Como se não bastasse, a cidade viveu o clímax de sua
alegria, em maio, com a inédita conquista do Campeonato Capixaba pelo seu time, o
intrépido Alegrense, criado e ressuscitado pela paixão do seu povo pelo futebol.
Alegre foi dormir campeã capixaba, na quarta-feira, 23 de
maio, lembrando os gols de Admilson e Éldio, ao som do hino do Alegrense
Futebol Clube. Caiu na farra depois de vê-lo vencer antecipadamente o campeonato.
A equipe de SÉCULO acompanhou a conquista e a festa,
depois de ter passado três dias na Toyota do Gaúcho Carlos Abel Dutra
Garcia, um ambientalista que já se tornou figura querida na cidade -, pelas estradas
e trilhas, conhecendo rios, cachoeiras, casarões antigos da época de ouro do café.

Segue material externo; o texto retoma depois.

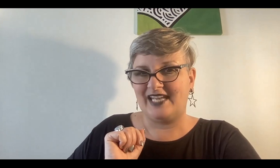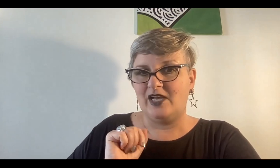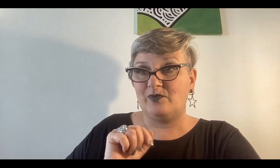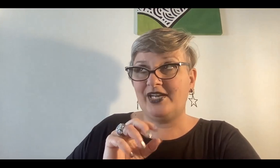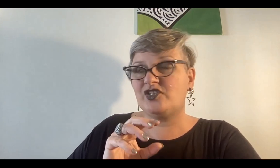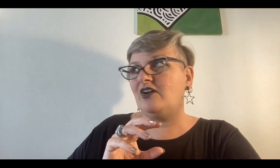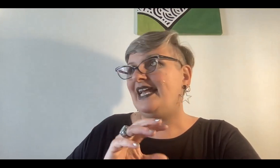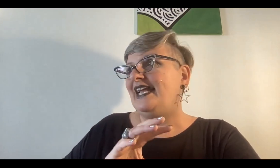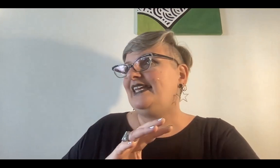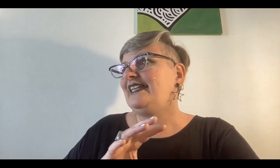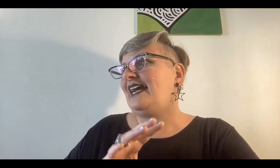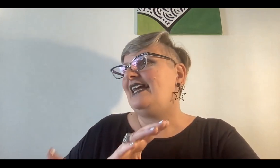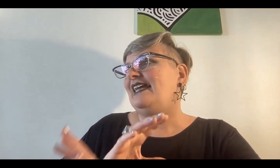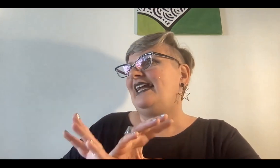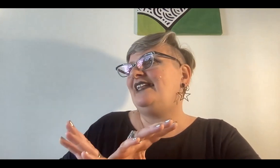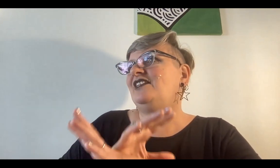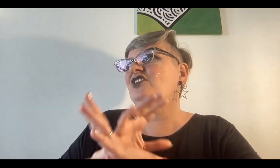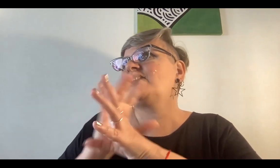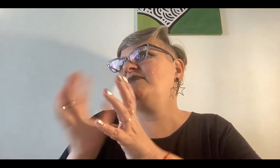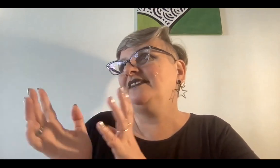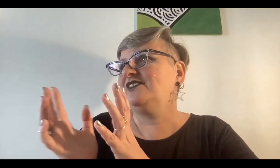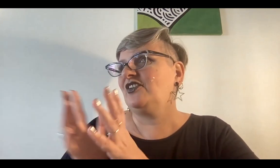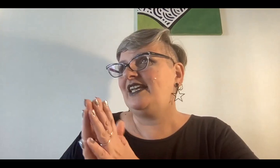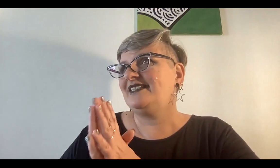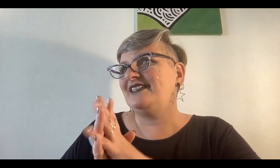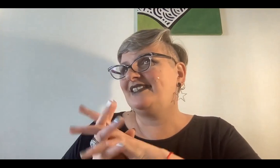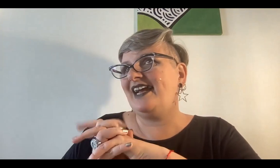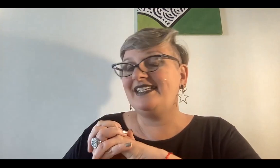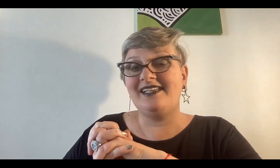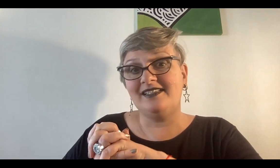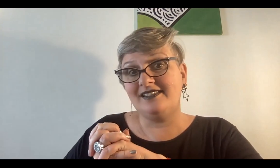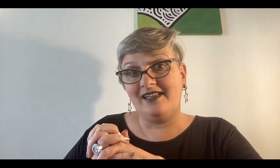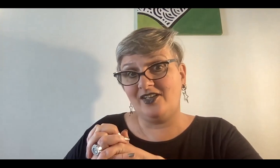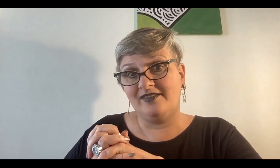Por eso, este endiosamiento de la ciencia es innecesario.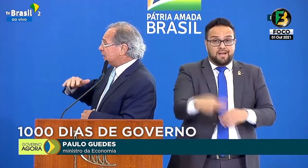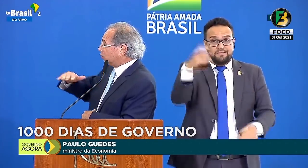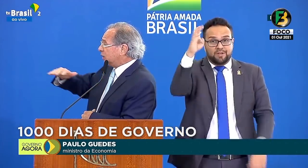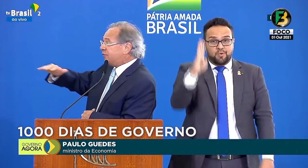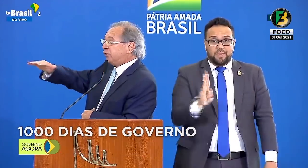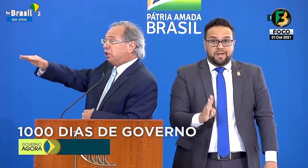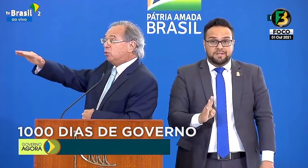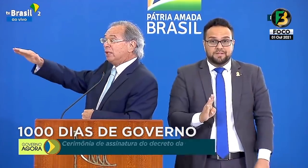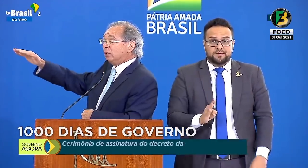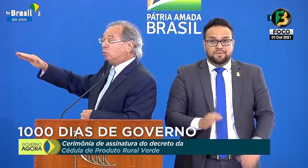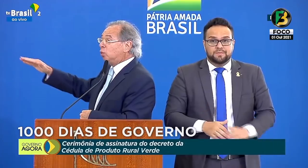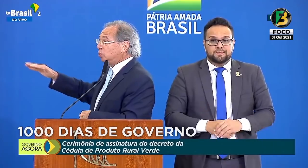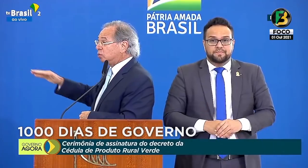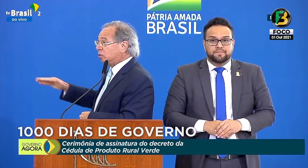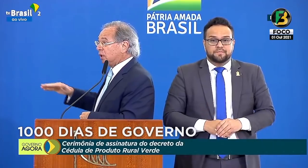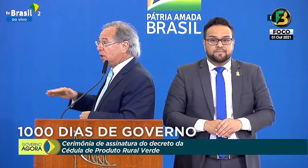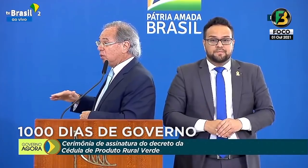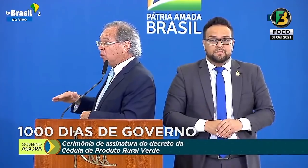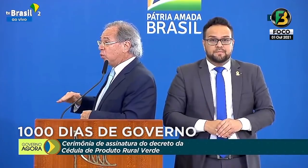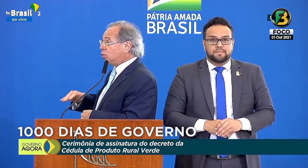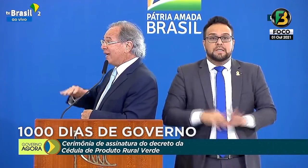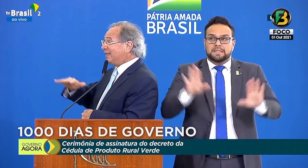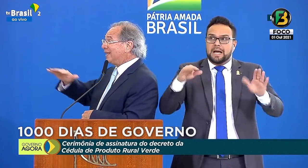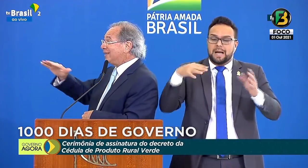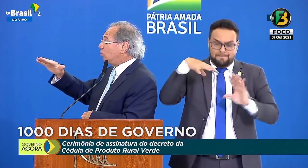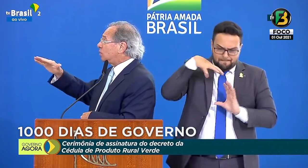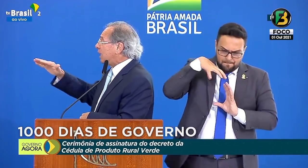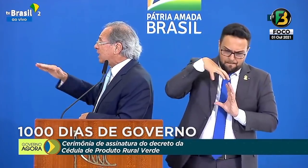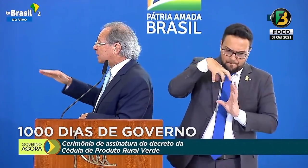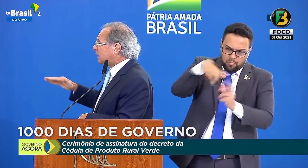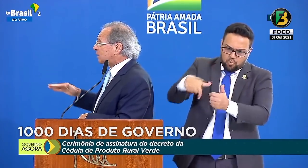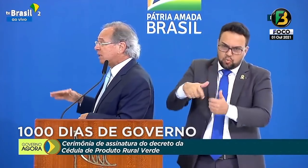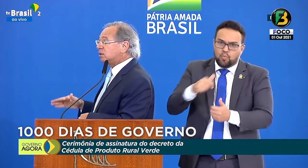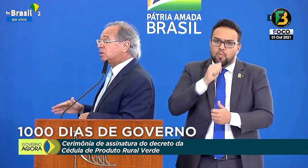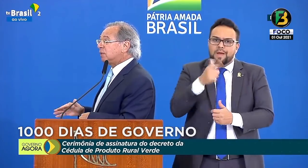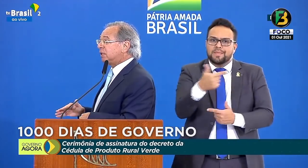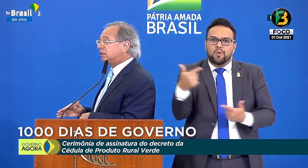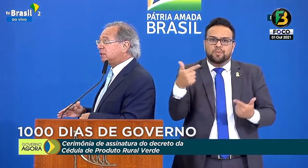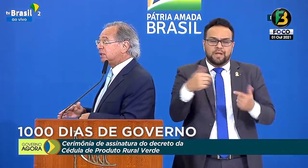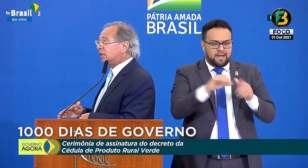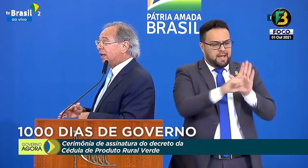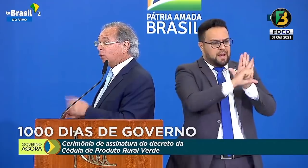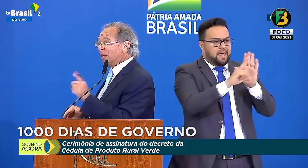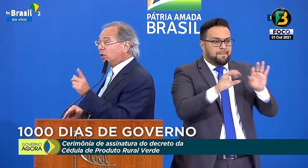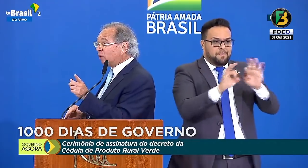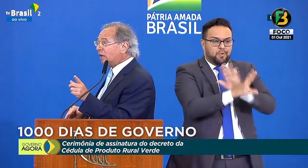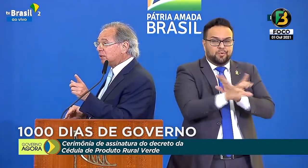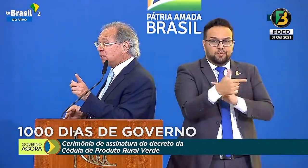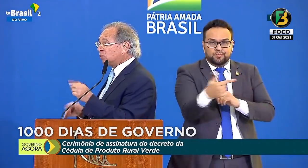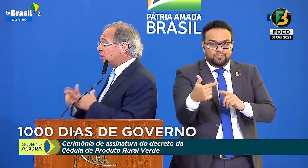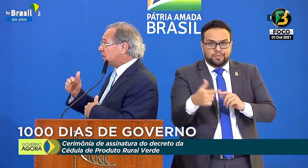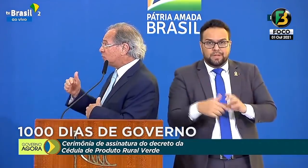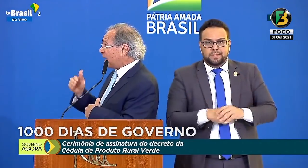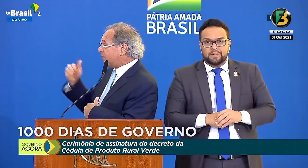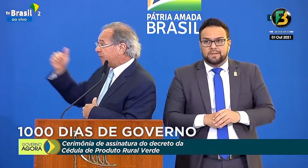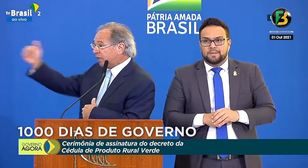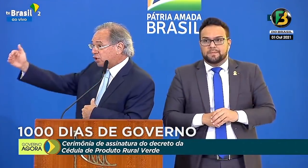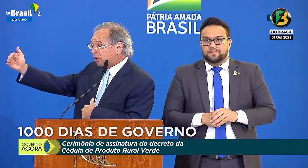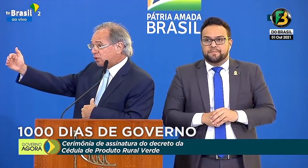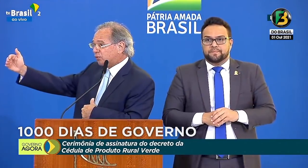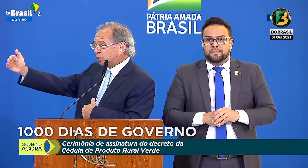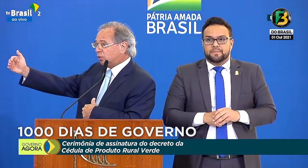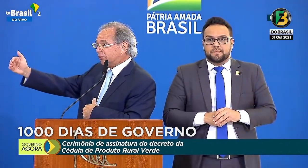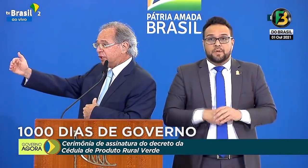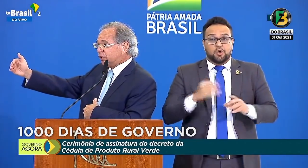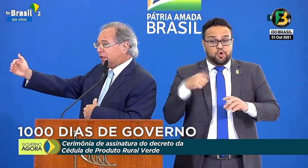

Admirando um pouco do artesanato, com as bonecas da Jucelma. Conversando com o
historiador Carlos Magno Bravo sobre os áureos tempos da década de 20, quando era
a cidade mais populosa do Espírito Santo. Percorrendo as trilhas que se oferecem ao
visitante, enchendo os pulmões de ar puro e os olhos, de cores Contra o vento, sem lenço
e sem documento, na maior alegria.
Quando o árbitro Wallace Valente apitou o fim do
histórico jogo contra o Serra, 3 x 1, o povão invadiu o campo aos pulos, aos gritos, de
repente tudo ficou coberto de cores, o vermelho e o amarelo em êxtase celestial nas
camisas e bandeiras. E o melhor foi que alguns torcedores adversários, rendidos ante
tamanha festa, caíram também na saudável gandaia promovida pela prefeitura na praça da
Padroeira N.S. Conceição, com trio elétrico e foguetório, como manda o figurino do
interior que dá lição de civilidade a muita cidade grande...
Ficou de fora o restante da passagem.